[python-package] remove uses of deprecated NumPy random number generation APIs, require 'numpy>=1.17.0' (#6468)

jameslamb · web-flow · commit e0cda880fc74 · 2024-06-03T20:17:40.000-05:00
diff --git a/.gitignore b/.gitignore
@@ -405,7 +405,7 @@ python-package/lightgbm/VERSION.txt
 
 # R build artefacts
 **/autom4te.cache/
-conftest*
+R-package/conftest*
 R-package/config.status
 !R-package/data/agaricus.test.rda
 !R-package/data/agaricus.train.rda
diff --git a/docs/Python-Intro.rst b/docs/Python-Intro.rst
@@ -59,8 +59,9 @@ Many of the examples in this page use functionality from ``numpy``. To run the e
 
 .. code:: python
 
-    data = np.random.rand(500, 10)  # 500 entities, each contains 10 features
-    label = np.random.randint(2, size=500)  # binary target
+    rng = np.random.default_rng()
+    data = rng.uniform(size=(500, 10))  # 500 entities, each contains 10 features
+    label = rng.integers(low=0, high=2, size=(500, ))  # binary target
     train_data = lgb.Dataset(data, label=label)
 
 **To load a scipy.sparse.csr\_matrix array into Dataset:**
@@ -139,15 +140,17 @@ It doesn't need to convert to one-hot encoding, and is much faster than one-hot
 
 .. code:: python
 
-    w = np.random.rand(500, )
+    rng = np.random.default_rng()
+    w = rng.uniform(size=(500, ))
     train_data = lgb.Dataset(data, label=label, weight=w)
 
 or
 
 .. code:: python
 
     train_data = lgb.Dataset(data, label=label)

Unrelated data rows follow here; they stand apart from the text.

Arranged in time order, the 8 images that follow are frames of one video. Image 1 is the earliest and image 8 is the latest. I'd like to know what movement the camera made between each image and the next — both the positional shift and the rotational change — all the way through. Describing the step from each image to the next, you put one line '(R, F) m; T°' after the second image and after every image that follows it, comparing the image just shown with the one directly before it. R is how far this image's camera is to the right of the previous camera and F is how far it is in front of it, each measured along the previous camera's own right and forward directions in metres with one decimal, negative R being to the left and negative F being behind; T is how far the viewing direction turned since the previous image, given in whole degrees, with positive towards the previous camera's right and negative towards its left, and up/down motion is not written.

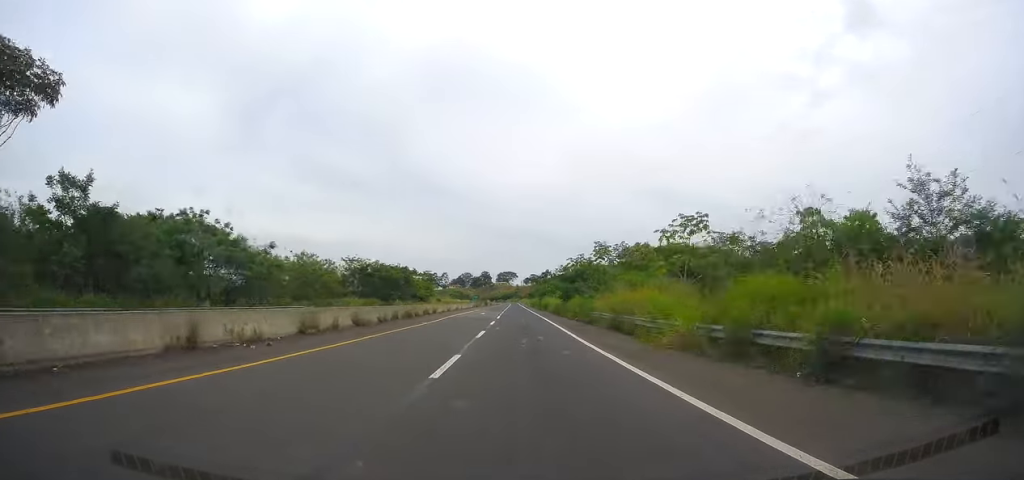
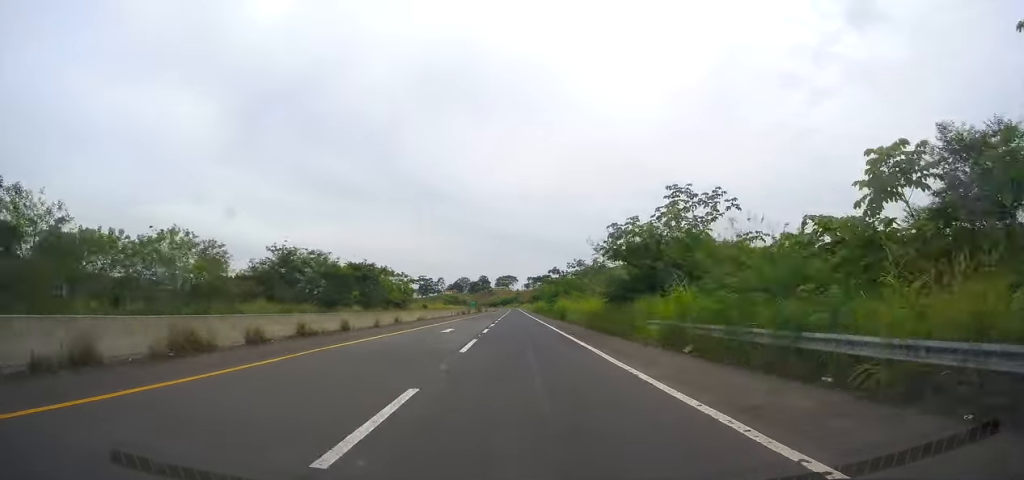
(-0.3, +39.9) m; -1°
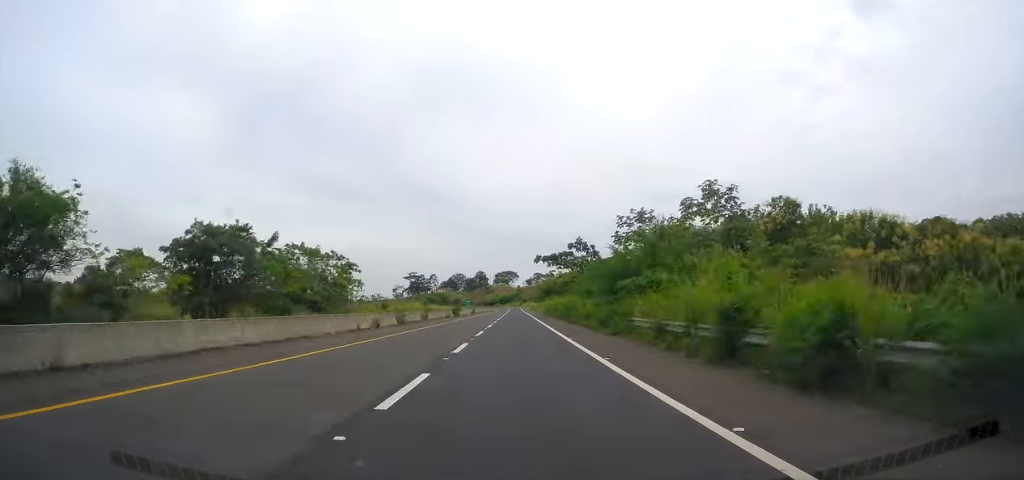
(+0.2, +46.7) m; 0°
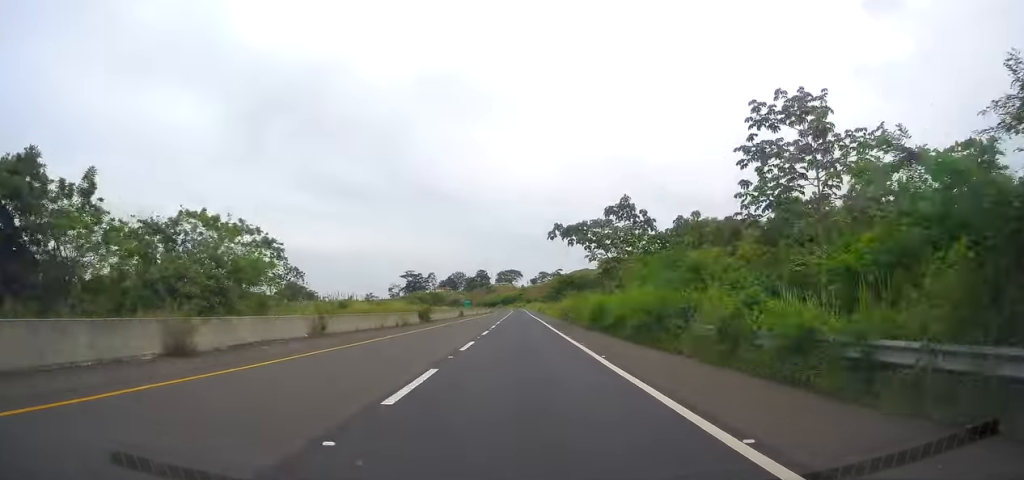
(+0.1, +28.5) m; 0°
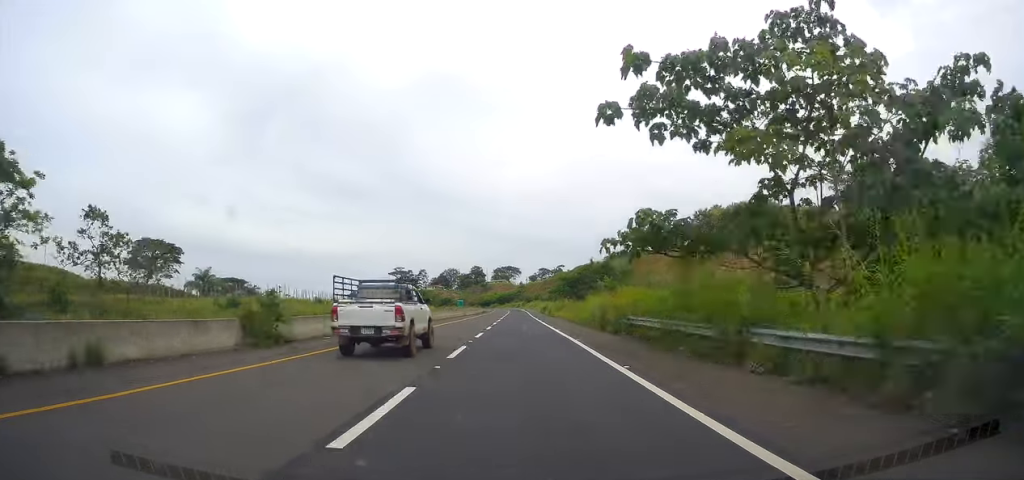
(-0.2, +31.8) m; 0°
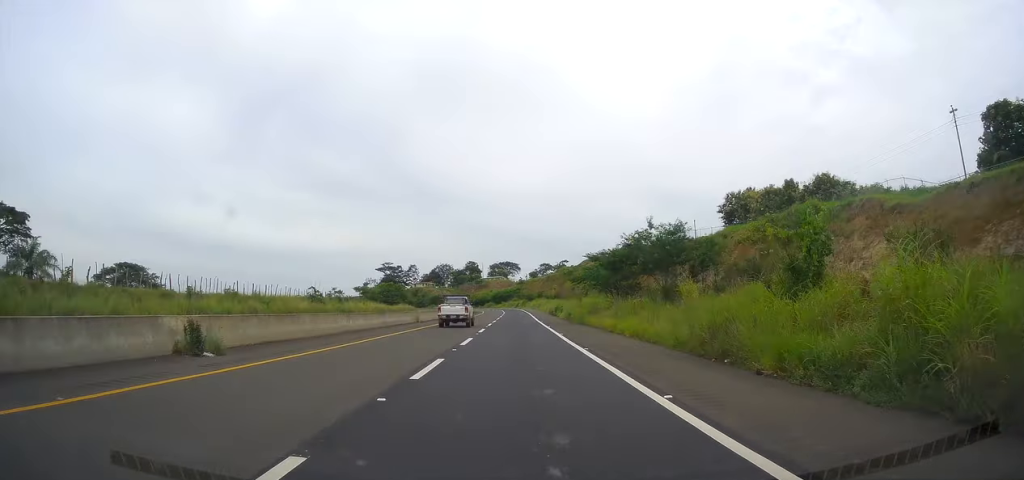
(0.0, +33.4) m; 0°
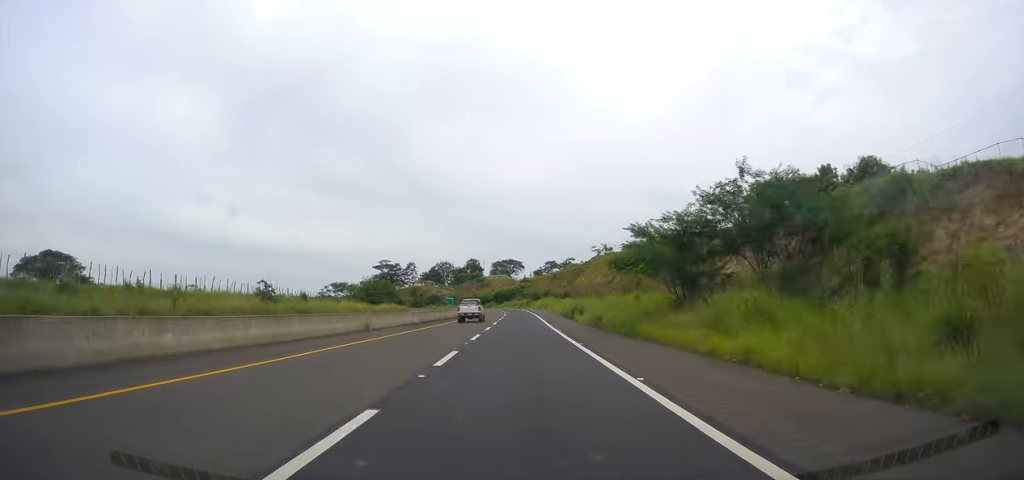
(+0.2, +16.7) m; 0°
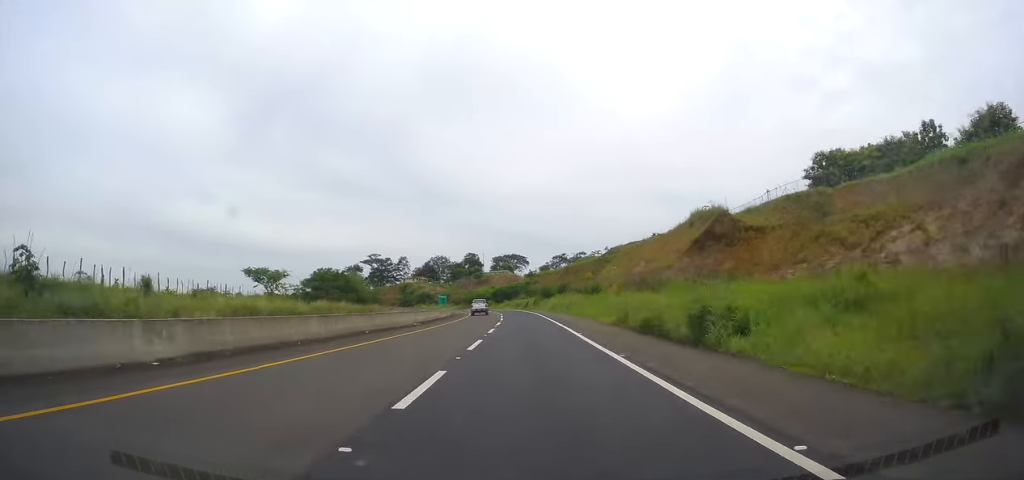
(-0.2, +34.7) m; -1°

-    w = np.random.rand(500, )
+    rng = np.random.default_rng()
+    w = rng.uniform(size=(500, ))
     train_data.set_weight(w)
 
 And you can use ``Dataset.set_init_score()`` to set initial score, and ``Dataset.set_group()`` to set group/query data for ranking tasks.

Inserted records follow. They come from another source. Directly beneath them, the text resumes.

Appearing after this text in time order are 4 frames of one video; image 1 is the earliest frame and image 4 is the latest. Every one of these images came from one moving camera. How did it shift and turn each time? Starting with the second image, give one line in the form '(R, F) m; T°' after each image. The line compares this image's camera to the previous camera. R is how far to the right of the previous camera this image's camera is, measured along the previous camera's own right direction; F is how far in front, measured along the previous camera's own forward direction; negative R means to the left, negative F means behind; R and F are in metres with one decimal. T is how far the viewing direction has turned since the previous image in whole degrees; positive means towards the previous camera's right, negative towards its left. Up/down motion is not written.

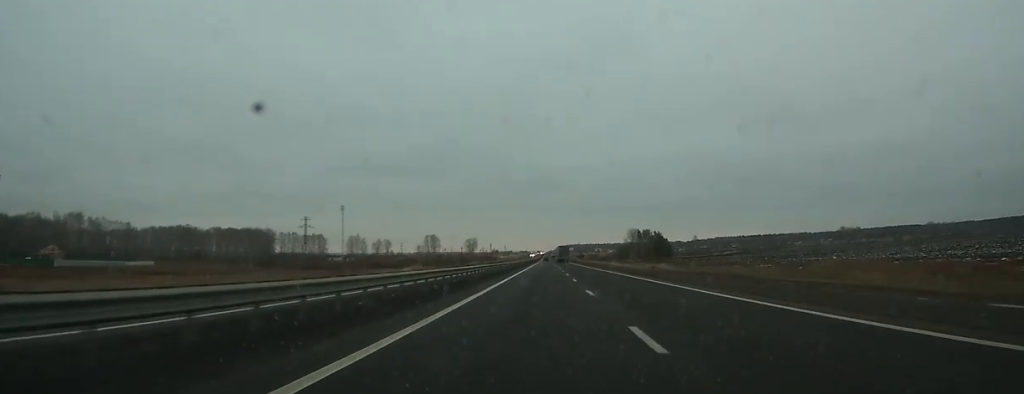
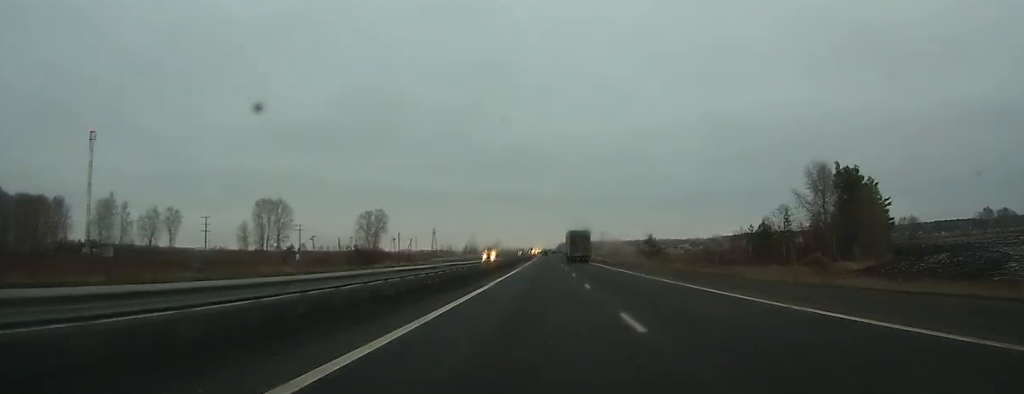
(-1.2, +238.2) m; 0°
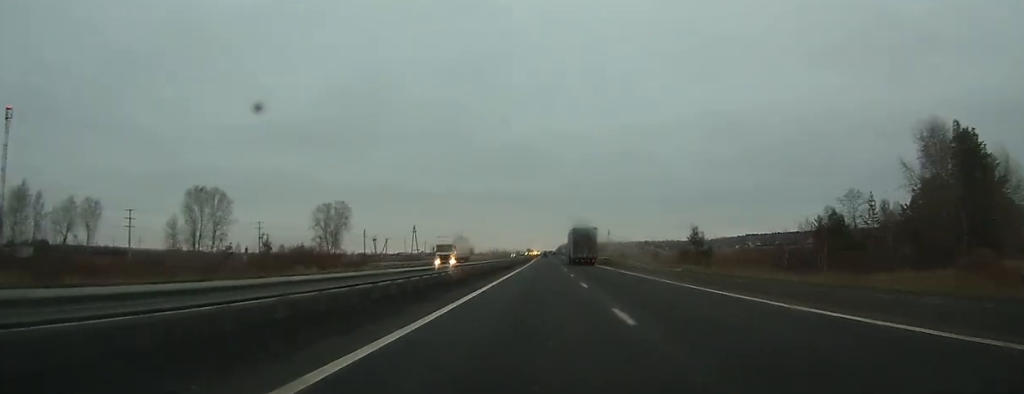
(+0.1, +34.7) m; 0°
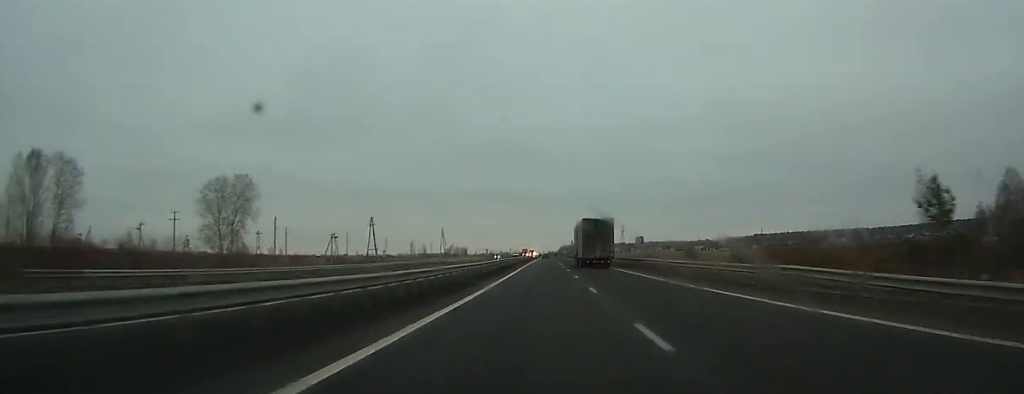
(+0.1, +50.1) m; 0°

@@ -249,7 +252,8 @@ A model that has been trained or loaded can perform predictions on datasets:
 .. code:: python
 
     # 7 entities, each contains 10 features
-    data = np.random.rand(7, 10)
+    rng = np.random.default_rng()
+    data = rng.uniform(size=(7, 10))
     ypred = bst.predict(data)
 
 If early stopping is enabled during training, you can get predictions from the best iteration with ``bst.best_iteration``:
diff --git a/examples/python-guide/logistic_regression.py b/examples/python-guide/logistic_regression.py
@@ -22,15 +22,15 @@
 #################
 # Simulate some binary data with a single categorical and
 #   single continuous predictor
-np.random.seed(0)
+rng = np.random.default_rng(seed=0)
 N = 1000
 X = pd.DataFrame({"continuous": range(N), "categorical": np.repeat([0, 1, 2, 3, 4], N / 5)})
 CATEGORICAL_EFFECTS = [-1, -1, -2, -2, 2]
 LINEAR_TERM = np.array(
     [-0.5 + 0.01 * X["continuous"][k] + CATEGORICAL_EFFECTS[X["categorical"][k]] for k in range(X.shape[0])]

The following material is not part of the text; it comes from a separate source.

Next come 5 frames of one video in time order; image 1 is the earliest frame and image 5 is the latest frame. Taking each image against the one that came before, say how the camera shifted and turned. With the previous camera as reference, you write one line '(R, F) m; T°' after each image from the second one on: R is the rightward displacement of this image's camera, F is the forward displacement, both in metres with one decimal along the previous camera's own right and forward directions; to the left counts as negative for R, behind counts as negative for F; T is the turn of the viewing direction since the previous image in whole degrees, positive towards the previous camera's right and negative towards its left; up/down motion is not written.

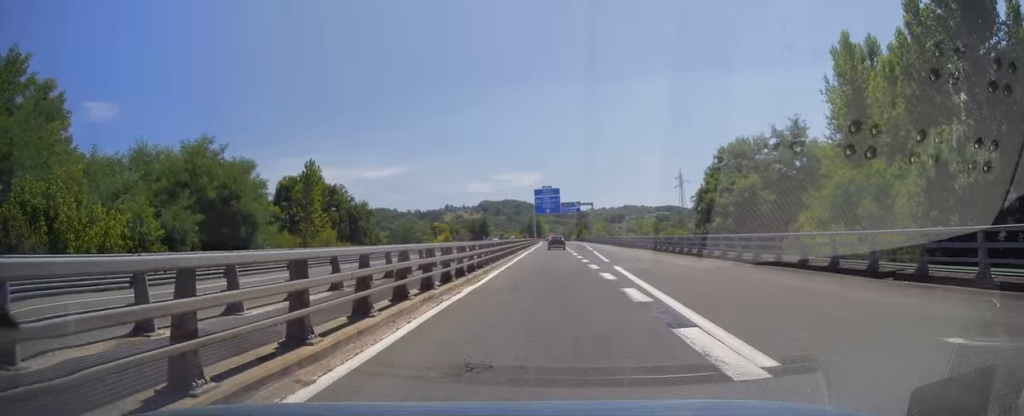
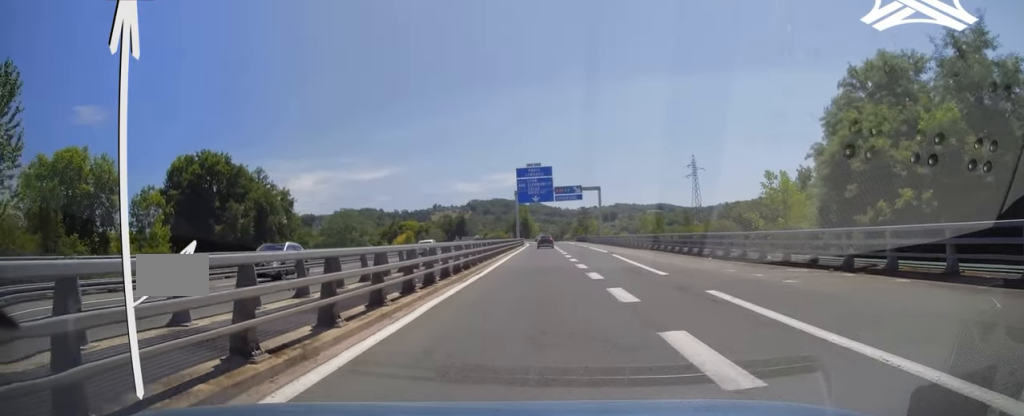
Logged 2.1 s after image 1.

-) + np.random.normal(0, 1, X.shape[0])
+) + rng.normal(loc=0, scale=1, size=X.shape[0])
 TRUE_PROB = expit(LINEAR_TERM)
-Y = np.random.binomial(1, TRUE_PROB, size=N)
+Y = rng.binomial(n=1, p=TRUE_PROB, size=N)
 DATA = {
     "X": X,
     "probability_labels": TRUE_PROB,
@@ -65,10 +65,9 @@ def experiment(objective, label_type, data):
     result : dict
         Experiment summary stats.
     """
-    np.random.seed(0)
     nrounds = 5
     lgb_data = data[f"lgb_with_{label_type}_labels"]
-    params = {"objective": objective, "feature_fraction": 1, "bagging_fraction": 1, "verbose": -1}
+    params = {"objective": objective, "feature_fraction": 1, "bagging_fraction": 1, "verbose": -1, "seed": 123}
     time_zero = time.time()
     gbm = lgb.train(params, lgb_data, num_boost_round=nrounds)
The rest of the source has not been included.